Return the average gate fidelity of a noisy quantum channel.

The average gate fidelity $F_{\text{ave}}$ is given by

\[\begin{split}F_{\text{ave}}(\mathcal{E}, U) &= \int d\psi \langle\psi|U^\dagger \mathcal{E}(|\psi\rangle\!\langle\psi|)U|\psi\rangle \\ &= \frac{d F_{\text{pro}}(\mathcal{E}, U) + 1}{d + 1}\end{split}\]

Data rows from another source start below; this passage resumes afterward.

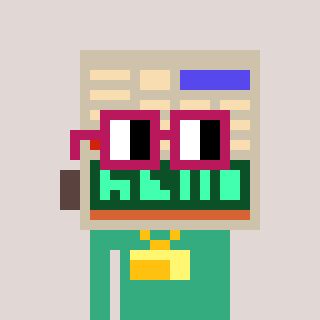
a pixel art character with square dark red glasses, a calculator-shaped head and a teal-colored body on a warm background
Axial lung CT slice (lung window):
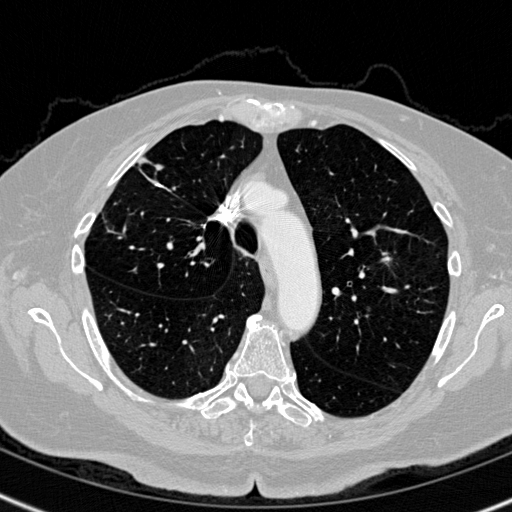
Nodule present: no
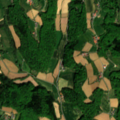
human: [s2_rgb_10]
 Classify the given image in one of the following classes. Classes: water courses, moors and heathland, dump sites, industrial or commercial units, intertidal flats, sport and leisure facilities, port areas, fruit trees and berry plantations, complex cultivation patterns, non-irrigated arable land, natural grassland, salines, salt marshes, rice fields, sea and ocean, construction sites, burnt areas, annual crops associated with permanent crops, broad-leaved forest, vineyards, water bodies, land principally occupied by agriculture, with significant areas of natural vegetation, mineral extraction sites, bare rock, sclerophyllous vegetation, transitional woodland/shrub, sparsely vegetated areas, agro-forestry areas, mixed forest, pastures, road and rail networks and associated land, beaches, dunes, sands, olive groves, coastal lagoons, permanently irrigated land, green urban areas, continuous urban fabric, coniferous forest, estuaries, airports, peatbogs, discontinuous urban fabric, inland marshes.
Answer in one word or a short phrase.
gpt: non-irrigated arable land, complex cultivation patterns, broad-leaved forest
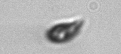
Label: Cryptophyta
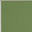
Piece: xx
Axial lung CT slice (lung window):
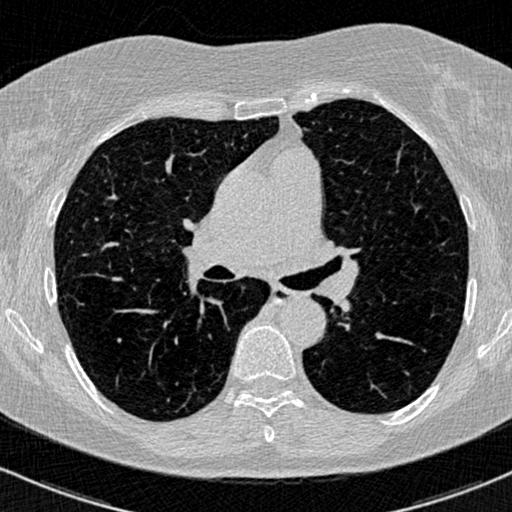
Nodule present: no
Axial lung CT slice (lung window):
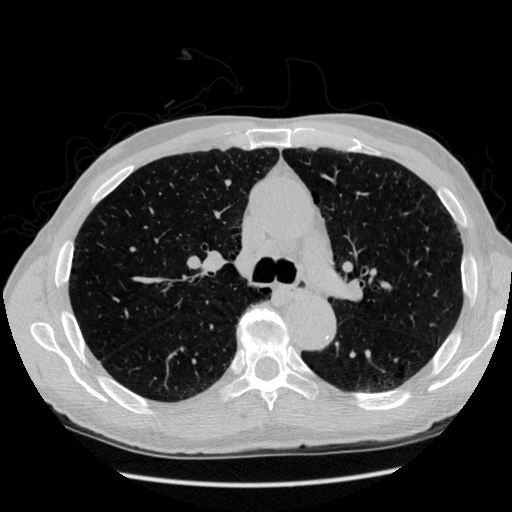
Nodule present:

where $F_{\text{pro}}(\mathcal{E}, U)$ is the process_fidelity() of the input quantum channel $\mathcal{E}$ with a target unitary $U$, and $d$ is the dimension of the channel.

Parâmetros:

channel (QuantumChannel or Operator) – noisy quantum channel.
target (Operator or None) – target unitary operator. If None target is the identity operator [Default: None].
require_cp (bool) – check if input and target channels are completely-positive and if non-CP log warning containing negative eigenvalues of Choi-matrix [Default: True].
require_tp (bool) – check if input and target channels are trace-preserving and if non-TP log warning containing negative eigenvalues of partial Choi-matrix $Tr_{\mbox{out}}[\mathcal{E}] - I$ [Default: True].

Retorno:

The average gate fidelity $F_{\text{ave}}$.

Tipo de retorno:

float

Levanta:

QiskitError – if the channel and target do not have the same dimensions, or have different input and output dimensions.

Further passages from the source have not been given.